PROBLEM DETAILS: Show all lines containing "opacity" from the data below.

LISTED RECORDS:

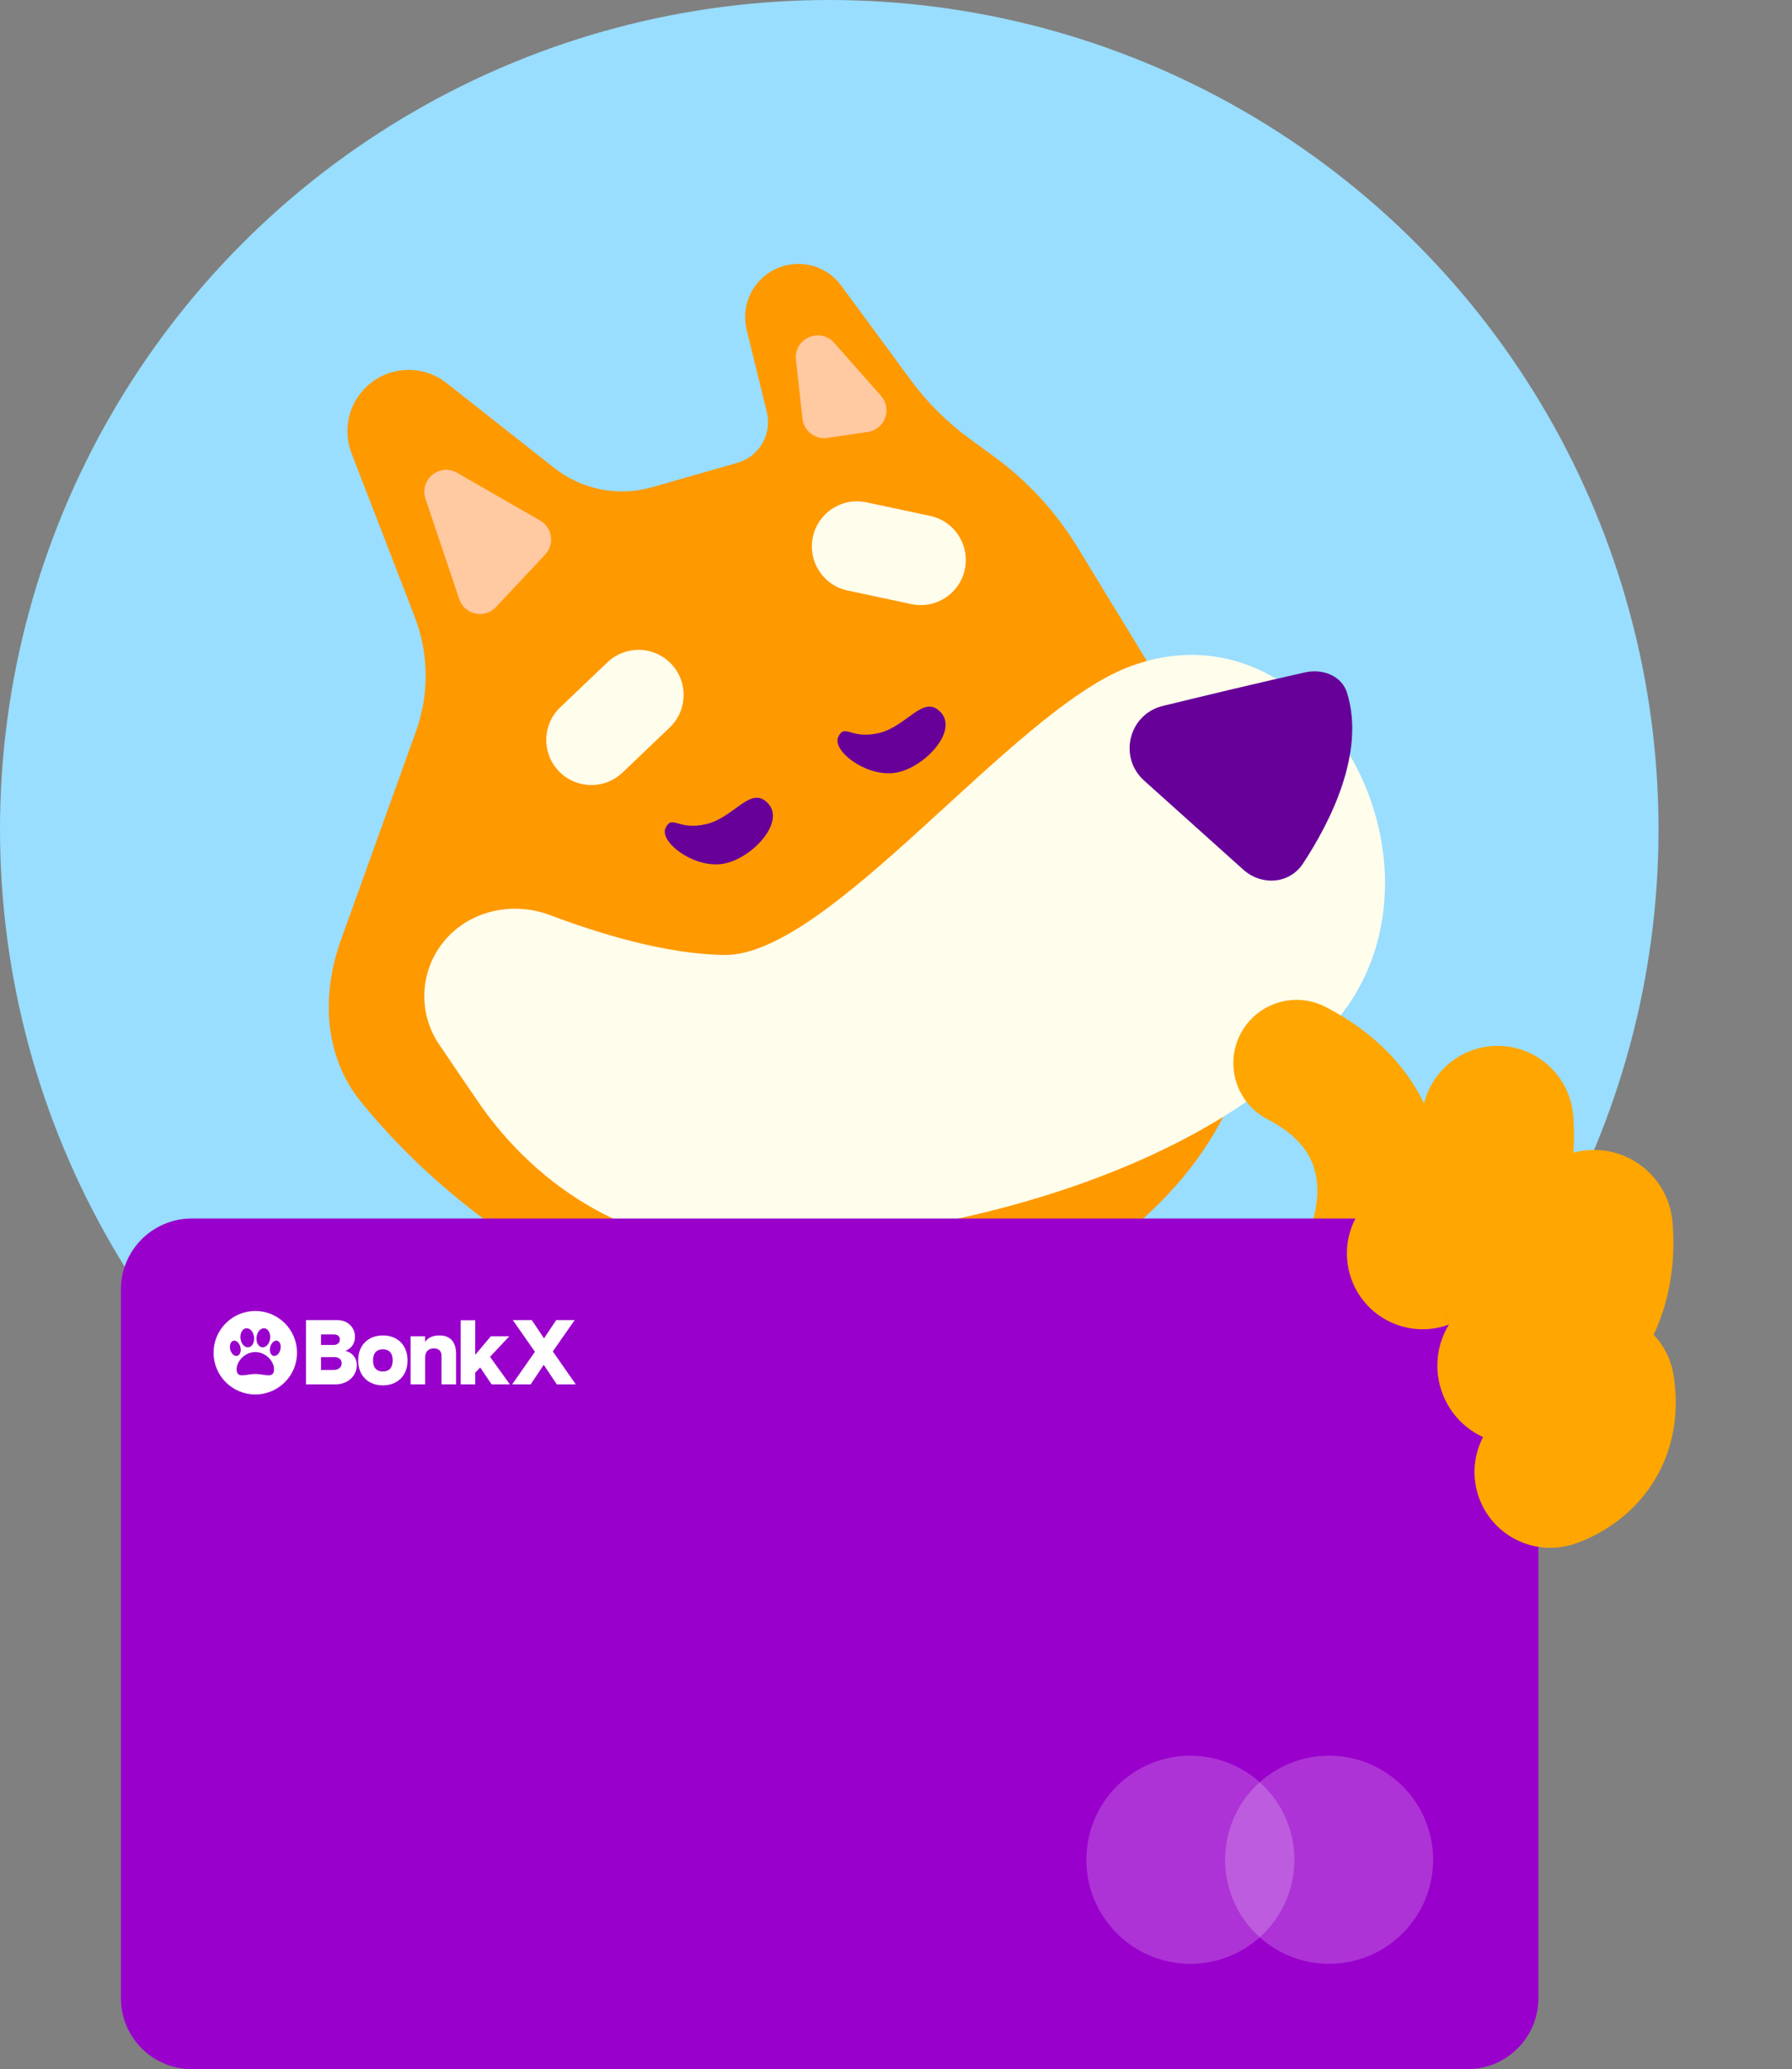 <svg width="1230" height="1420" viewBox="0 0 1230 1420" fill="none" xmlns="http://www.w3.org/2000/svg">
<rect x="0" y="0" width="1230" height="1420" fill="#808080" stroke="none"/>
<circle cx="569.196" cy="569.196" r="569.196" fill="#99DDFF"/>
<path d="M247.61 755.952C275.095 789.952 320.538 835.129 389.739 873.98C520.835 947.578 653.617 959.223 789.59 831.706C925.563 704.189 835.737 533.259 835.737 533.259L739.582 375.582C724.804 351.348 705.406 330.255 682.491 313.502L665.324 300.951C650 289.749 636.478 276.272 625.223 260.987L577.365 195.988C566.115 180.709 545.036 176.596 528.868 186.525C515.354 194.825 508.745 210.9 512.514 226.304L526.334 282.797C530.045 297.97 521.102 313.363 506.084 317.654L447.562 334.373C424.358 341.003 399.381 336.081 380.426 321.142L306.505 262.884C290.195 250.03 266.943 251.012 251.776 265.197C239.253 276.909 235.099 295.054 241.28 311.048L284.606 423.161C294.379 448.449 294.707 476.413 285.53 501.923L233.999 645.174C220.438 682.87 222.426 724.797 247.61 755.952Z" fill="#FF9900"/>
<path d="M327.488 755.155L301.468 716.867C287.055 695.659 287.941 667.582 303.661 647.325C320.888 625.126 351.372 618.105 377.651 628.051C410.762 640.584 457 654.842 497.097 655.381C569.113 656.348 693.602 488.99 774.219 457.902C903.504 408.048 1002.59 590.012 920.981 695.89C853.348 783.633 699.711 845.963 513.564 855.099C438.41 858.787 369.781 817.389 327.488 755.155Z" fill="#FFFDEB"/>
<path d="M383.493 529.175C371.699 516.806 372.165 497.217 384.535 485.423L416.939 454.525C429.308 442.731 448.897 443.197 460.691 455.566C472.485 467.936 472.019 487.524 459.65 499.319L427.246 530.216C414.877 542.011 395.288 541.545 383.493 529.175Z" fill="#FFFDEB"/>
<path d="M557.925 368.556C561.482 351.839 577.918 341.171 594.635 344.729L638.428 354.049C655.144 357.606 665.812 374.042 662.255 390.759C658.697 407.476 642.261 418.143 625.544 414.586L581.751 405.266C565.035 401.708 554.367 385.272 557.925 368.556Z" fill="#FFFDEB"/>
<path d="M785.339 535.745C767.427 519.666 774.737 490.167 798.122 484.467C828.077 477.164 865.205 468.273 895.852 461.426C907.916 458.731 920.932 463.727 924.604 475.531C937.397 516.651 912.912 564.419 894.326 592.68C885.087 606.728 865.904 608.068 853.392 596.837L785.339 535.745Z" fill="#660099"/>
<path d="M292.041 342.297C287.632 329.187 301.781 317.587 313.771 324.482L370.762 357.25C379.163 362.081 380.861 373.484 374.232 380.553L340.398 416.629C332.625 424.916 318.821 421.91 315.198 411.141L292.041 342.297Z" fill="#FFC9A1"/>
<path d="M546.333 246.871C544.73 232.301 562.805 224.294 572.519 235.271L604.699 271.637C612.609 280.575 607.44 294.723 595.631 296.458L567.9 300.532C559.479 301.769 551.713 295.77 550.782 287.31L546.333 246.871Z" fill="#FFC9A1"/>
<path d="M527.44 551.624C539.354 565.016 514.333 591.082 494.51 593.056C474.688 595.031 452.302 577.32 456.906 568.078C461.509 558.836 465.245 570.135 484.722 565.591C504.2 561.047 515.526 538.231 527.44 551.624Z" fill="#660099"/>
<path d="M645.966 489.11C657.88 502.502 632.859 528.568 613.036 530.543C593.214 532.517 570.828 514.806 575.432 505.564C580.035 496.322 583.771 507.621 603.248 503.077C622.726 498.533 634.052 475.717 645.966 489.11Z" fill="#660099"/>
<path d="M851.419 709.647C862.437 688.369 888.618 680.051 909.896 691.069C966.118 720.18 986.654 764.81 990.338 803.457C992.07 821.616 990.058 837.493 987.718 848.705C986.533 854.383 985.219 859.08 984.129 862.538C983.583 864.273 983.087 865.715 982.684 866.833C982.483 867.392 982.303 867.872 982.152 868.268C982.076 868.467 982.008 868.646 981.946 868.802C981.916 868.88 981.886 868.953 981.859 869.02C981.846 869.054 981.833 869.088 981.82 869.119C981.814 869.134 981.806 869.157 981.803 869.164C981.793 869.186 981.629 869.145 941.528 853.028C941.063 852.841 940.603 852.656 940.148 852.474L981.785 869.208C972.849 891.441 947.581 902.221 925.347 893.285C903.129 884.354 892.349 859.113 901.255 836.891L901.207 837.006C901.188 837.054 901.171 837.099 901.155 837.139C901.125 837.217 901.101 837.28 901.084 837.325C901.05 837.416 901.04 837.44 901.054 837.403C901.081 837.327 901.195 837.006 901.365 836.468C901.708 835.379 902.253 833.481 902.776 830.976C903.852 825.821 904.65 818.972 903.956 811.694C902.79 799.467 897.534 782.382 869.998 768.124C848.719 757.106 840.402 730.926 851.419 709.647Z" fill="#FFA600"/>
<path d="M83.002 884.884C83.002 858.017 104.782 836.237 131.649 836.237H1007.29C1034.16 836.237 1055.94 858.017 1055.94 884.884V1371.35C1055.94 1398.22 1034.16 1420 1007.29 1420H131.649C104.782 1420 83.002 1398.22 83.002 1371.35V884.884Z" fill="#9900CC"/>
<path d="M175.234 957C191.054 957 203.878 944.175 203.878 928.355C203.878 912.536 191.054 899.711 175.234 899.711C159.414 899.711 146.59 912.536 146.59 928.355C146.59 944.175 159.414 957 175.234 957Z" fill="white"/>
<path d="M170.572 924.634C173.141 924.302 174.846 921.108 174.379 917.499C173.913 913.891 171.452 911.235 168.883 911.567C166.314 911.899 164.61 915.093 165.076 918.702C165.542 922.31 168.003 924.966 170.572 924.634Z" fill="#9900CC"/>
<path d="M179.896 924.634C177.327 924.302 175.622 921.108 176.089 917.499C176.555 913.891 179.016 911.235 181.585 911.567C184.154 911.899 185.858 915.093 185.392 918.702C184.926 922.31 182.465 924.966 179.896 924.634Z" fill="#9900CC"/>
<path d="M162.806 930.514C164.732 930.034 165.715 927.323 165.001 924.457C164.287 921.592 162.147 919.659 160.222 920.138C158.296 920.618 157.313 923.33 158.027 926.195C158.741 929.06 160.881 930.994 162.806 930.514Z" fill="#9900CC"/>
<path d="M187.662 930.514C185.736 930.034 184.753 927.323 185.467 924.457C186.181 921.592 188.321 919.659 190.247 920.138C192.172 920.618 193.155 923.33 192.441 926.195C191.727 929.06 189.587 930.994 187.662 930.514Z" fill="#9900CC"/>
<path d="M188.098 939.634C188.098 946.523 181.626 942.925 175.251 942.925C168.876 942.925 162.404 946.523 162.404 939.634C162.404 934.187 168.156 927.882 175.251 927.882C182.347 927.882 188.098 934.187 188.098 939.634Z" fill="#9900CC"/>
<path d="M394.437 905.963L379.446 927.442L395.193 950.056L382.217 950.119L373.21 936.639L364.265 950.056H351.541L367.163 927.694L351.982 905.963H365.021L373.399 918.498L381.776 905.963H394.437Z" fill="white"/>
<path d="M337.418 950.056L329.607 938.466L326.206 942.056V950.056H316.191V906.057H326.206V929.773L336.914 917.049H349.575L336.347 931.159L349.953 950.056H337.418Z" fill="white"/>
<path d="M313.051 929.206V950.055H303.036V930.277C303.036 927.001 300.894 925.363 297.807 925.363C294.28 925.363 291.824 927.442 291.824 931.662V950.055H281.808V917.049H291.761V921.017C293.524 917.994 297.178 916.482 301.65 916.482C309.208 916.482 313.051 921.143 313.051 929.206Z" fill="white"/>
<path d="M279.735 933.615C279.735 944.134 272.807 950.748 262.791 950.748C252.776 950.748 245.847 944.134 245.847 933.615C245.847 923.096 252.776 916.482 262.791 916.482C272.807 916.482 279.735 923.096 279.735 933.615ZM269.531 933.615C269.531 928.387 266.886 925.993 262.791 925.993C258.697 925.993 256.051 928.387 256.051 933.615C256.051 938.843 258.697 941.237 262.791 941.237C266.886 941.237 269.531 938.843 269.531 933.615Z" fill="white"/>
<path d="M244.914 936.891C244.914 943.568 239.434 950.056 230.238 950.056H210.018V905.963H231.434C239.434 905.963 243.654 911.695 243.654 917.364C243.654 921.836 241.198 925.742 236.977 927.001C242.016 928.324 244.914 932.041 244.914 936.891ZM220.348 923.033H228.915C231.686 923.033 233.261 921.458 233.261 919.191C233.261 917.175 231.875 915.789 229.167 915.789H220.348V923.033ZM234.521 935.568C234.521 933.111 232.757 931.348 229.482 931.348H220.348V940.166H228.978C232.568 940.166 234.521 938.151 234.521 935.568Z" fill="white"/>
<ellipse cx="817.052" cy="1276.32" rx="71.401" ry="71.401" fill="white" fill-opacity="0.2"/>
<ellipse cx="912.257" cy="1276.32" rx="71.401" ry="71.401" fill="white" fill-opacity="0.2"/>
<path d="M1064.44 1011.39L1078.8 1060.11C1051.24 1068.23 1022.32 1052.48 1014.2 1024.92C1006.41 998.482 1020.6 970.791 1046.1 961.416C1046.08 961.13 1046.05 960.811 1046.01 960.457L1045.91 959.797L1045.72 958.468C1042.11 930.584 1061.38 904.753 1089.33 900.412C1117.27 896.072 1143.47 914.839 1148.49 942.504L1148.71 943.828L1149 945.771C1154.69 986.427 1139.34 1016.97 1119.33 1036.07C1110.08 1044.91 1100.63 1050.61 1093.61 1054.13C1090.03 1055.93 1086.87 1057.26 1084.37 1058.21C1083.11 1058.69 1082 1059.08 1081.07 1059.4C1080.6 1059.55 1080.18 1059.69 1079.8 1059.81C1079.61 1059.87 1079.43 1059.92 1079.26 1059.97C1079.18 1060 1079.1 1060.03 1079.02 1060.05C1078.98 1060.06 1078.95 1060.07 1078.91 1060.08C1078.89 1060.09 1078.86 1060.1 1078.85 1060.1C1078.83 1060.11 1078.8 1060.1 1064.44 1011.39ZM1049.29 960.352C1049.25 960.363 1049.22 960.374 1049.19 960.384C1049.12 960.404 1049.05 960.425 1048.99 960.444C1048.86 960.483 1048.74 960.521 1048.62 960.557C1048.56 960.576 1048.5 960.597 1048.45 960.615C1048.74 960.522 1049.04 960.427 1049.34 960.338C1049.33 960.341 1049.31 960.347 1049.29 960.352ZM1064.1 1010.22C1064.05 1010.05 1064 1009.89 1063.95 1009.72L1064.44 1011.39C1064.33 1011 1064.21 1010.61 1064.1 1010.22Z" fill="#FFA600"/>
<path d="M1089.63 789.358C1118.92 786.929 1144.68 808.324 1147.84 837.374L1147.97 838.763L1148.16 841.257C1151.76 893.39 1131.46 930.923 1108.41 954.691C1097.25 966.207 1085.89 974.105 1077.24 979.194C1072.86 981.766 1069.03 983.706 1066.05 985.097C1064.56 985.794 1063.26 986.361 1062.2 986.806C1061.67 987.028 1061.2 987.22 1060.79 987.384C1060.58 987.466 1060.39 987.542 1060.21 987.61C1060.12 987.643 1060.04 987.674 1059.96 987.705C1059.92 987.72 1059.88 987.735 1059.84 987.75C1059.82 987.757 1059.8 987.768 1059.79 987.771C1059.76 987.781 1059.71 987.723 1040.65 937.213C1040.62 937.12 1040.58 937.026 1040.54 936.933L1059.73 987.791C1031.8 998.33 1000.61 984.23 990.073 956.297C979.687 928.768 993.232 898.079 1020.36 887.108C1020.64 886.977 1021.39 886.612 1022.44 885.994C1024.73 884.645 1027.85 882.468 1030.79 879.436C1035.44 874.639 1041.35 866.38 1040.34 849.371L1040.22 847.699L1040.13 846.308C1038.45 817.136 1060.34 791.787 1089.63 789.358ZM1021.46 886.675C1021.43 886.688 1021.39 886.701 1021.36 886.714C1021.3 886.738 1021.24 886.763 1021.18 886.786C1021.06 886.831 1020.95 886.873 1020.86 886.91C1020.73 886.963 1020.62 887.008 1020.53 887.044C1020.86 886.913 1021.19 886.782 1021.52 886.657L1021.51 886.656C1021.5 886.659 1021.48 886.669 1021.46 886.675Z" fill="#FFA600"/>
<path d="M1023.65 717.951C1051.83 715.614 1076.63 736.202 1079.66 764.154L1079.79 765.491L1079.97 767.891C1083.43 818.056 1063.9 854.171 1041.73 877.042C1030.98 888.123 1020.05 895.723 1011.73 900.62C1007.52 903.095 1003.83 904.962 1000.96 906.3C999.526 906.971 998.28 907.517 997.258 907.945C996.748 908.159 996.291 908.344 995.895 908.501C995.696 908.58 995.512 908.653 995.343 908.718C995.259 908.751 995.178 908.78 995.101 908.809C995.063 908.824 995.025 908.839 994.989 908.853C994.971 908.86 994.945 908.87 994.936 908.874C994.909 908.883 994.858 908.827 976.521 860.225C976.487 860.134 976.453 860.045 976.419 859.955L994.883 908.893C968.005 919.034 937.994 905.466 927.853 878.587C917.858 852.098 930.892 822.567 956.999 812.01C957.266 811.885 957.983 811.533 958.994 810.939C961.201 809.641 964.2 807.546 967.029 804.629C971.503 800.013 977.19 792.065 976.224 775.699L976.109 774.09L976.016 772.751C974.402 744.68 995.467 720.289 1023.65 717.951ZM958.057 811.594C958.024 811.606 957.991 811.619 957.96 811.631C957.897 811.655 957.838 811.679 957.782 811.701C957.668 811.745 957.565 811.785 957.475 811.821C957.348 811.871 957.244 811.914 957.161 811.949C957.475 811.823 957.79 811.697 958.108 811.577L958.106 811.576C958.097 811.579 958.072 811.588 958.057 811.594Z" fill="#FFA600"/>
</svg>

TASK ANSWER:
<ellipse cx="817.052" cy="1276.32" rx="71.401" ry="71.401" fill="white" fill-opacity="0.2"/>
<ellipse cx="912.257" cy="1276.32" rx="71.401" ry="71.401" fill="white" fill-opacity="0.2"/>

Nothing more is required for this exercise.